_The task:_ Copy each line below exactly and leave the pictures out.

———

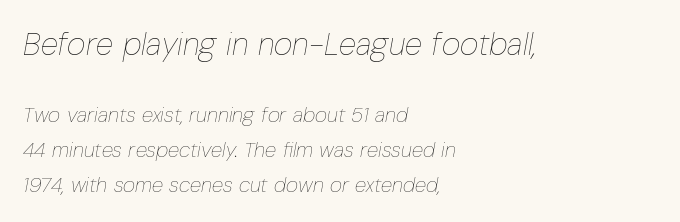
The image shows 32 px thin, condensed type, italic (leaning right); set left-aligned, normal line spacing (1.65x), normal letter spacing, not underlined; the first (top) block is 1.52x larger; low stroke contrast and a medium x-height.
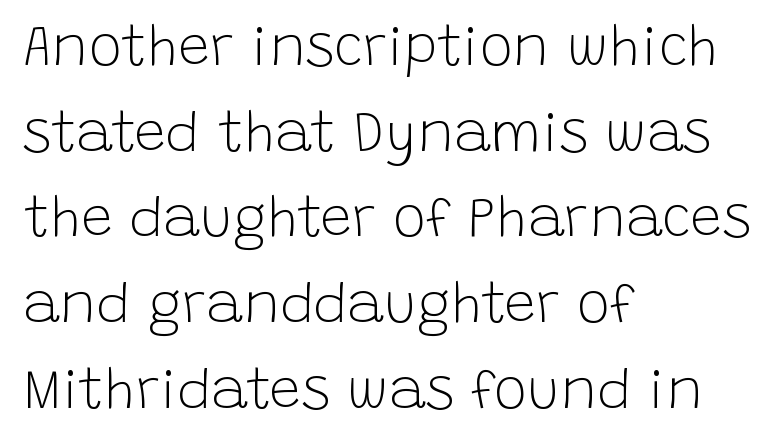
{"serif": "no", "italic": "no", "bold": "no", "weight": "light", "width": "normal", "stroke_contrast": "low", "x_height": "large", "monospaced": "no", "underline": "no", "align": "left", "line_spacing": "normal", "line_spacing_ratio": 1.53, "letter_spacing": "normal", "letter_spacing_em": 0.0, "glyph_px": 56}
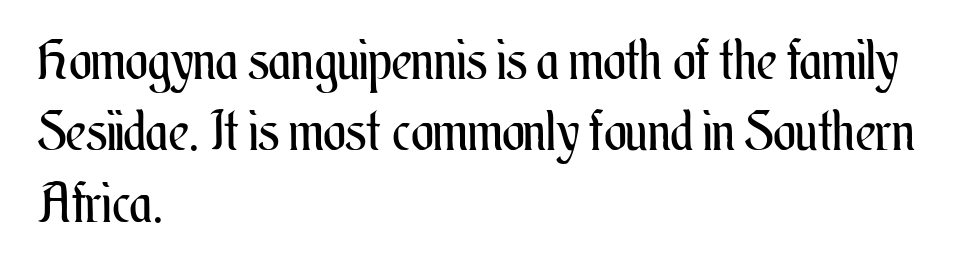
The space beneath each line is pristine and unruled. Is the type heavy? It reads as light-to-regular instead. The axis of the letterforms is exactly vertical. A classic flush-left, rag-right setting is used for this passage. A normal amount of white space separates one row of letters from the next.
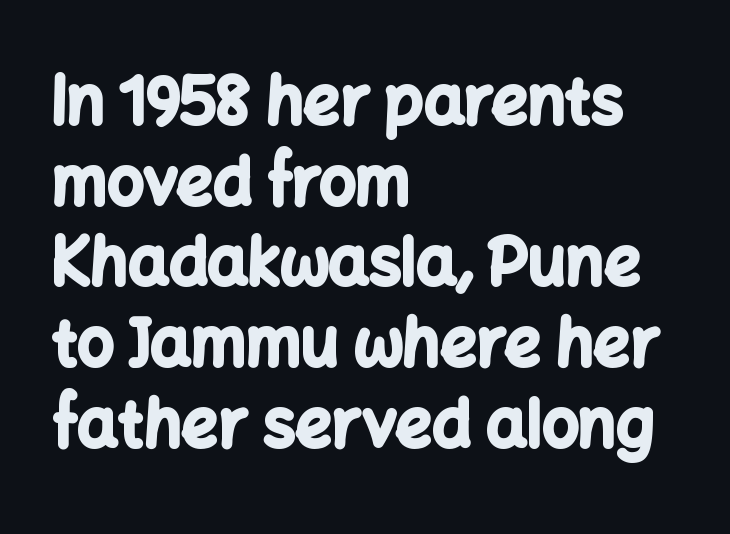
The image shows 64 px bold sans-serif type, upright; set left-aligned, normal line spacing (1.26x), normal letter spacing, not underlined; low stroke contrast and a medium x-height.
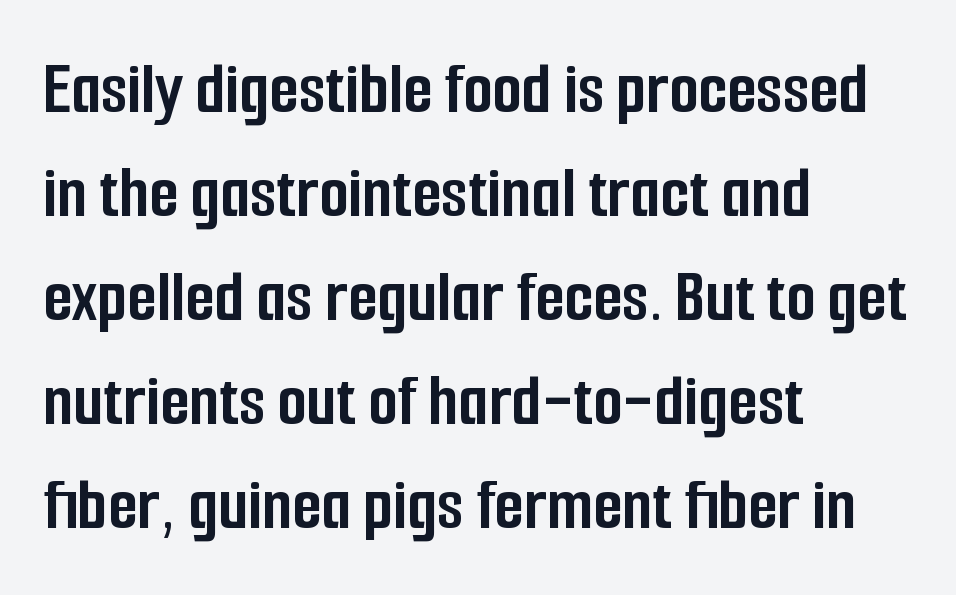
Q: Is the text bold? A: Yes.
Q: Is the text italic (slanted)? A: No, it is upright.
Q: Is the typeface a serif or a sans-serif typeface? A: Sans-serif.
Q: Is the text underlined? A: No.
Q: How is the paragraph aligned? A: Left-aligned.
Q: Is the spacing between letters normal or unusually wide? A: Normal.
Q: Is the spacing between lines tight, normal or loose? A: Normal.
Q: Width (condensed, normal, or wide)? A: Condensed.
Q: Stroke contrast? A: Low.
Q: x-height? A: Medium.
Q: Monospaced? A: No.
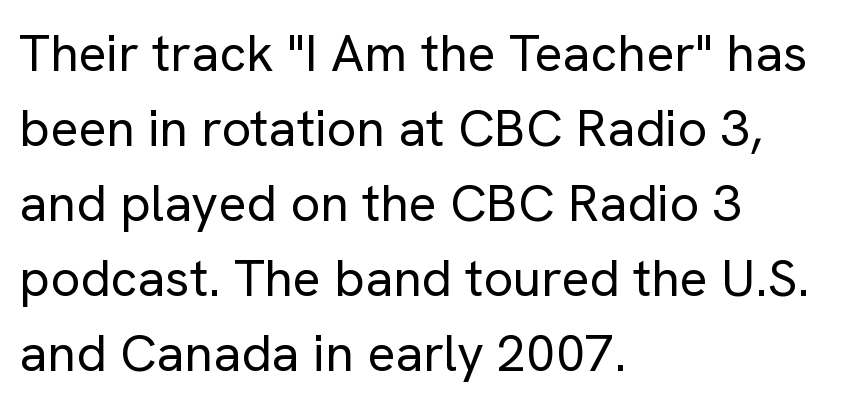
Q: Is the text bold? A: No.
Q: Is the text italic (slanted)? A: No, it is upright.
Q: Is the typeface a serif or a sans-serif typeface? A: Sans-serif.
Q: Is the text underlined? A: No.
Q: How is the paragraph aligned? A: Left-aligned.
Q: Is the spacing between letters normal or unusually wide? A: Normal.
Q: Is the spacing between lines tight, normal or loose? A: Normal.
Q: Width (condensed, normal, or wide)? A: Normal.
Q: Stroke contrast? A: Low.
Q: x-height? A: Medium.
Q: Monospaced? A: No.
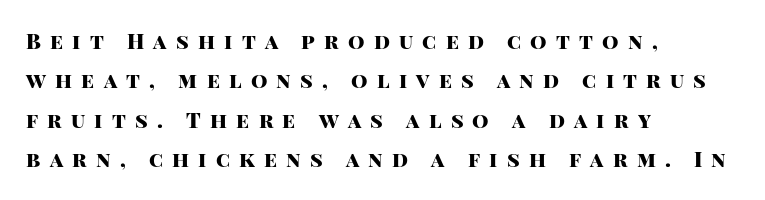
Glyph-to-glyph distance is far greater than everyday printed text. Horizontal alignment here is leftward, the default for most running prose. The font is running at its bold setting. Rendered with straight, roman letterforms. Each row of text sits above clean, open space.

———

_Exercise solution:_
The image shows 32 px thin, condensed type, italic (leaning right); set left-aligned, normal line spacing (1.65x), normal letter spacing, not underlined; the first (top) block is 1.52x larger; low stroke contrast and a medium x-height.
{"serif": "no", "italic": "no", "bold": "no", "weight": "light", "width": "normal", "stroke_contrast": "low", "x_height": "large", "monospaced": "no", "underline": "no", "align": "left", "line_spacing": "normal", "line_spacing_ratio": 1.53, "letter_spacing": "normal", "letter_spacing_em": 0.0, "glyph_px": 56}
The space beneath each line is pristine and unruled. Is the type heavy? It reads as light-to-regular instead. The axis of the letterforms is exactly vertical. A classic flush-left, rag-right setting is used for this passage. A normal amount of white space separates one row of letters from the next.
The image shows 64 px bold sans-serif type, upright; set left-aligned, normal line spacing (1.26x), normal letter spacing, not underlined; low stroke contrast and a medium x-height.
Q: Is the text bold? A: Yes.
Q: Is the text italic (slanted)? A: No, it is upright.
Q: Is the typeface a serif or a sans-serif typeface? A: Sans-serif.
Q: Is the text underlined? A: No.
Q: How is the paragraph aligned? A: Left-aligned.
Q: Is the spacing between letters normal or unusually wide? A: Normal.
Q: Is the spacing between lines tight, normal or loose? A: Normal.
Q: Width (condensed, normal, or wide)? A: Condensed.
Q: Stroke contrast? A: Low.
Q: x-height? A: Medium.
Q: Monospaced? A: No.
Q: Is the text bold? A: No.
Q: Is the text italic (slanted)? A: No, it is upright.
Q: Is the typeface a serif or a sans-serif typeface? A: Sans-serif.
Q: Is the text underlined? A: No.
Q: How is the paragraph aligned? A: Left-aligned.
Q: Is the spacing between letters normal or unusually wide? A: Normal.
Q: Is the spacing between lines tight, normal or loose? A: Normal.
Q: Width (condensed, normal, or wide)? A: Normal.
Q: Stroke contrast? A: Low.
Q: x-height? A: Medium.
Q: Monospaced? A: No.
Glyph-to-glyph distance is far greater than everyday printed text. Horizontal alignment here is leftward, the default for most running prose. The font is running at its bold setting. Rendered with straight, roman letterforms. Each row of text sits above clean, open space.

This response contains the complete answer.